**Task directions:**
What lines in the listing include "path"? Return a copy of each.

**Extracted records:**
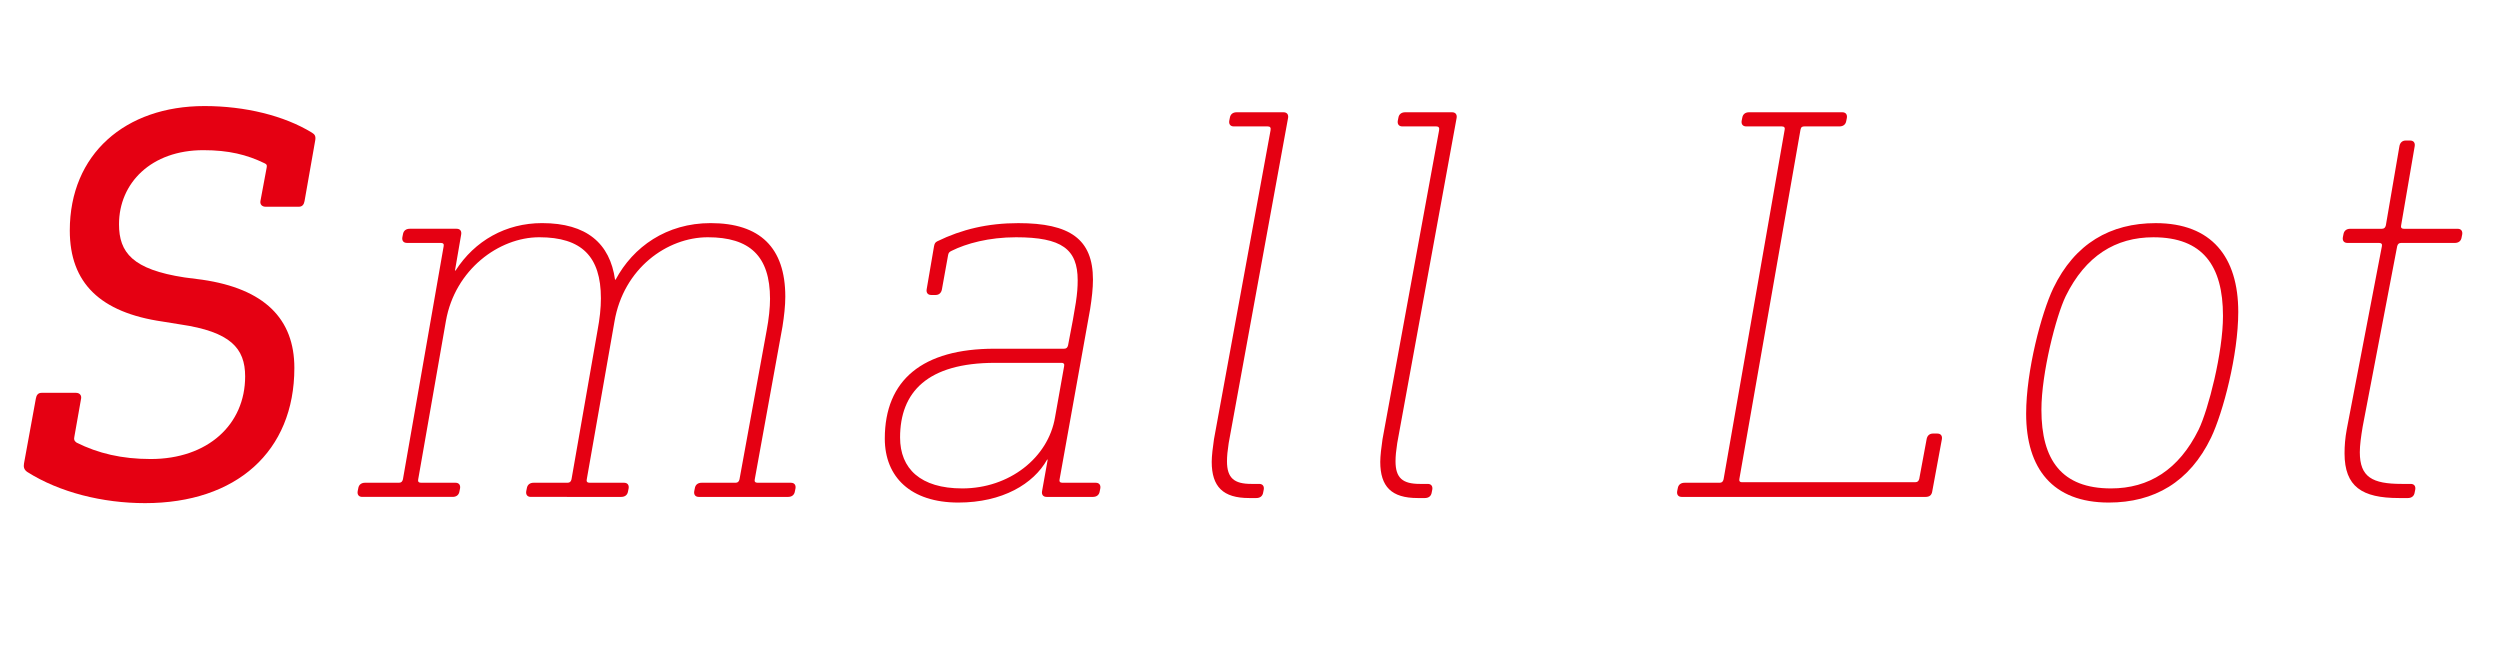 <?xml version="1.0" encoding="utf-8"?>
<!-- Generator: Adobe Illustrator 16.0.4, SVG Export Plug-In . SVG Version: 6.00 Build 0)  -->
<!DOCTYPE svg PUBLIC "-//W3C//DTD SVG 1.1//EN" "http://www.w3.org/Graphics/SVG/1.1/DTD/svg11.dtd">
<svg version="1.1" id="レイヤー_1" xmlns="http://www.w3.org/2000/svg" xmlns:xlink="http://www.w3.org/1999/xlink" x="0px"
	 y="0px" width="318.25px" height="82.645px" viewBox="-69 0 318.25 82.645" enable-background="new -69 0 318.25 82.645"
	 xml:space="preserve">
<g>
	<path fill="#E50012" d="M-29.296,16.884c0.36,0.216,0.504,0.432,0.432,0.937l-1.368,7.776c-0.072,0.432-0.288,0.72-0.72,0.72H-35.2
		c-0.432,0-0.72-0.288-0.648-0.72l0.792-4.248c0.072-0.36,0-0.433-0.288-0.576c-2.232-1.08-4.537-1.656-7.777-1.656
		c-6.625,0-10.729,4.176-10.729,9.433c0,3.601,1.728,5.761,8.353,6.769l2.232,0.288c7.921,1.152,11.737,4.969,11.737,11.233
		c0,10.656-7.417,17.209-19.009,17.209c-5.401,0-10.873-1.367-14.978-3.959c-0.432-0.289-0.504-0.648-0.432-1.08l1.512-8.281
		c0.072-0.432,0.288-0.721,0.72-0.721h4.392c0.432,0,0.72,0.289,0.648,0.721l-0.864,4.896c-0.072,0.359,0,0.504,0.288,0.721
		c2.736,1.367,5.76,2.088,9.433,2.088c7.273,0,12.025-4.393,12.025-10.514c0-3.6-1.873-5.688-8.281-6.625l-2.232-0.36
		c-7.92-1.151-11.809-4.896-11.809-11.593c0-9.721,7.057-15.841,17.138-15.841C-37.792,13.5-32.824,14.723-29.296,16.884z"/>
	<path fill="#E50012" d="M30.969,37.765c0,1.152-0.144,2.448-0.36,3.816l-3.528,19.442c-0.072,0.287,0.072,0.432,0.36,0.432h4.248
		c0.432,0,0.648,0.289,0.576,0.721l-0.072,0.359c-0.072,0.504-0.432,0.721-0.864,0.721H19.952c-0.432,0-0.648-0.289-0.576-0.721
		l0.072-0.359c0.072-0.504,0.432-0.721,0.864-0.721h4.32c0.288,0,0.432-0.145,0.504-0.432l3.456-18.938
		c0.288-1.512,0.432-2.953,0.432-4.033c0-5.473-2.592-7.849-7.921-7.849c-5.184,0-10.729,3.96-11.881,10.729l-3.528,20.09
		c-0.072,0.287,0.072,0.432,0.36,0.432h4.393c0.432,0,0.648,0.289,0.576,0.721l-0.072,0.359c-0.072,0.504-0.432,0.721-0.864,0.721
		H-1.434c-0.432,0-0.648-0.289-0.576-0.721l0.072-0.359c0.072-0.504,0.432-0.721,0.864-0.721h4.32c0.288,0,0.432-0.145,0.504-0.432
		l3.312-18.938c0.288-1.512,0.432-2.88,0.432-4.105c0-5.328-2.448-7.776-7.849-7.776c-5.113,0-10.729,4.104-11.881,10.657
		l-3.528,20.162c-0.072,0.287,0.072,0.432,0.36,0.432h4.392c0.432,0,0.648,0.289,0.576,0.721l-0.072,0.359
		c-0.072,0.504-0.432,0.721-0.864,0.721h-11.521c-0.432,0-0.648-0.289-0.576-0.721l0.072-0.359c0.072-0.504,0.432-0.721,0.864-0.721
		h4.32c0.288,0,0.432-0.145,0.504-0.432l5.184-29.667c0.072-0.288-0.072-0.433-0.36-0.433h-4.32c-0.432,0-0.648-0.288-0.576-0.72
		l0.072-0.36c0.072-0.504,0.432-0.72,0.864-0.72h5.977c0.432,0,0.648,0.288,0.576,0.72l-0.792,4.608h0.072
		c2.448-3.816,6.409-6.048,11.017-6.048c5.688,0,8.641,2.592,9.289,7.2h0.072c2.232-4.177,6.48-7.2,12.097-7.2
		C27.729,28.405,30.969,31.501,30.969,37.765z"/>
	<path fill="#E50012" d="M70.134,35.605c0,1.08-0.144,2.376-0.36,3.744l-3.889,21.674c-0.072,0.287,0.072,0.432,0.36,0.432h4.248
		c0.432,0,0.648,0.289,0.576,0.721l-0.072,0.359c-0.072,0.504-0.432,0.721-0.864,0.721h-5.904c-0.432,0-0.648-0.289-0.576-0.721
		l0.72-4.031h-0.072c-1.728,3.096-5.688,5.471-11.305,5.471c-6.048,0-9.361-3.24-9.361-8.137c0-7.488,4.825-11.447,13.969-11.447
		h8.857c0.288,0,0.432-0.145,0.504-0.434c1.008-5.184,1.224-6.552,1.224-8.28c0-3.961-2.016-5.473-7.849-5.473
		c-3.456,0-6.336,0.792-8.208,1.729c-0.288,0.144-0.36,0.216-0.432,0.504l-0.792,4.392c-0.072,0.433-0.36,0.721-0.792,0.721H49.54
		c-0.432,0-0.648-0.288-0.576-0.721l0.936-5.472c0.072-0.36,0.144-0.504,0.432-0.648c3.096-1.512,6.409-2.304,10.297-2.304
		C67.182,28.405,70.134,30.421,70.134,35.605z M57.677,46.19c-8.641,0-12.097,3.744-12.097,9.506c0,3.959,2.592,6.48,7.921,6.48
		c5.977,0,10.945-3.889,11.809-9.074l1.152-6.48c0.072-0.287-0.072-0.432-0.288-0.432H57.677z"/>
	<path fill="#E50012" d="M94.396,14.292c0.432,0,0.648,0.288,0.576,0.72l-7.561,41.403c-0.144,0.938-0.216,1.656-0.216,2.305
		c0,2.16,0.937,2.881,3.097,2.881H91.3c0.432,0,0.648,0.287,0.576,0.719l-0.072,0.361c-0.072,0.504-0.432,0.719-0.864,0.719h-0.936
		c-3.312,0-4.752-1.439-4.752-4.607c0-0.721,0.144-1.943,0.288-2.881l7.201-39.315c0.072-0.36-0.072-0.504-0.36-0.504h-4.32
		c-0.432,0-0.648-0.288-0.576-0.72l0.072-0.36c0.072-0.504,0.432-0.72,0.864-0.72H94.396z"/>
	<path fill="#E50012" d="M115.852,14.292c0.432,0,0.648,0.288,0.576,0.72l-7.561,41.403c-0.145,0.938-0.217,1.656-0.217,2.305
		c0,2.16,0.937,2.881,3.097,2.881h1.008c0.433,0,0.647,0.287,0.576,0.719l-0.072,0.361c-0.071,0.504-0.432,0.719-0.864,0.719h-0.936
		c-3.312,0-4.752-1.439-4.752-4.607c0-0.721,0.144-1.943,0.287-2.881l7.201-39.315c0.072-0.36-0.072-0.504-0.36-0.504h-4.32
		c-0.433,0-0.647-0.288-0.576-0.72l0.072-0.36c0.071-0.504,0.433-0.72,0.864-0.72H115.852z"/>
	<path fill="#E50012" d="M165.53,14.292c0.433,0,0.647,0.288,0.576,0.72l-0.072,0.36c-0.071,0.504-0.432,0.72-0.864,0.72h-4.464
		c-0.288,0-0.433,0.072-0.505,0.432l-7.775,44.428c-0.072,0.287,0.071,0.432,0.287,0.432h22.106c0.288,0,0.432-0.145,0.504-0.432
		l0.937-5.041c0.071-0.432,0.359-0.719,0.791-0.719h0.576c0.433,0,0.648,0.287,0.576,0.719l-1.224,6.625
		c-0.072,0.504-0.36,0.721-0.864,0.721H145.08c-0.432,0-0.647-0.289-0.576-0.721l0.072-0.359c0.072-0.504,0.433-0.721,0.864-0.721
		h4.464c0.289,0,0.433-0.145,0.505-0.432l7.776-44.5c0.072-0.288-0.072-0.432-0.359-0.432h-4.537c-0.432,0-0.648-0.288-0.576-0.72
		l0.072-0.36c0.072-0.504,0.432-0.72,0.864-0.72H165.53z"/>
	<path fill="#E50012" d="M215.93,39.71c0,5.472-1.943,12.818-3.455,15.986c-2.736,5.688-7.273,8.279-13.033,8.279
		c-7.129,0-10.514-4.32-10.514-11.305c0-5.473,1.944-12.817,3.457-15.985c2.736-5.688,7.271-8.28,13.033-8.28
		C212.546,28.405,215.93,32.725,215.93,39.71z M193.969,37.693c-1.225,2.521-3.097,9.793-3.097,14.473
		c0,6.408,2.593,10.01,8.856,10.01c4.824,0,8.641-2.377,11.161-7.488c1.224-2.521,3.097-9.793,3.097-14.474
		c0-6.408-2.592-10.009-8.857-10.009C200.305,30.205,196.488,32.581,193.969,37.693z"/>
	<path fill="#E50012" d="M237.816,17.891c0.432,0,0.647,0.288,0.575,0.721l-1.728,10.081c-0.072,0.287,0.072,0.432,0.359,0.432
		h6.841c0.433,0,0.647,0.288,0.576,0.72l-0.072,0.36c-0.071,0.504-0.432,0.72-0.864,0.72h-6.84c-0.289,0-0.433,0.145-0.504,0.433
		l-4.393,22.969c-0.217,1.297-0.36,2.377-0.36,3.24c0,3.168,1.584,4.033,5.329,4.033h1.151c0.433,0,0.647,0.287,0.576,0.719
		l-0.072,0.361c-0.071,0.504-0.432,0.719-0.864,0.719h-1.152c-4.68,0-6.912-1.439-6.912-5.688c0-0.936,0.072-1.943,0.288-3.096
		l4.464-23.258c0.072-0.288-0.071-0.433-0.359-0.433h-4.032c-0.433,0-0.648-0.288-0.576-0.72l0.071-0.36
		c0.072-0.504,0.433-0.72,0.865-0.72h4.031c0.289,0,0.433-0.145,0.505-0.432l1.728-10.081c0.072-0.433,0.36-0.721,0.793-0.721
		H237.816z"/>
</g>
</svg>

**Solution for this exercise:**
	<path fill="#E50012" d="M-29.296,16.884c0.36,0.216,0.504,0.432,0.432,0.937l-1.368,7.776c-0.072,0.432-0.288,0.72-0.72,0.72H-35.2
	<path fill="#E50012" d="M30.969,37.765c0,1.152-0.144,2.448-0.36,3.816l-3.528,19.442c-0.072,0.287,0.072,0.432,0.36,0.432h4.248
	<path fill="#E50012" d="M70.134,35.605c0,1.08-0.144,2.376-0.36,3.744l-3.889,21.674c-0.072,0.287,0.072,0.432,0.36,0.432h4.248
	<path fill="#E50012" d="M94.396,14.292c0.432,0,0.648,0.288,0.576,0.72l-7.561,41.403c-0.144,0.938-0.216,1.656-0.216,2.305
	<path fill="#E50012" d="M115.852,14.292c0.432,0,0.648,0.288,0.576,0.72l-7.561,41.403c-0.145,0.938-0.217,1.656-0.217,2.305
	<path fill="#E50012" d="M165.53,14.292c0.433,0,0.647,0.288,0.576,0.72l-0.072,0.36c-0.071,0.504-0.432,0.72-0.864,0.72h-4.464
	<path fill="#E50012" d="M215.93,39.71c0,5.472-1.943,12.818-3.455,15.986c-2.736,5.688-7.273,8.279-13.033,8.279
	<path fill="#E50012" d="M237.816,17.891c0.432,0,0.647,0.288,0.575,0.721l-1.728,10.081c-0.072,0.287,0.072,0.432,0.359,0.432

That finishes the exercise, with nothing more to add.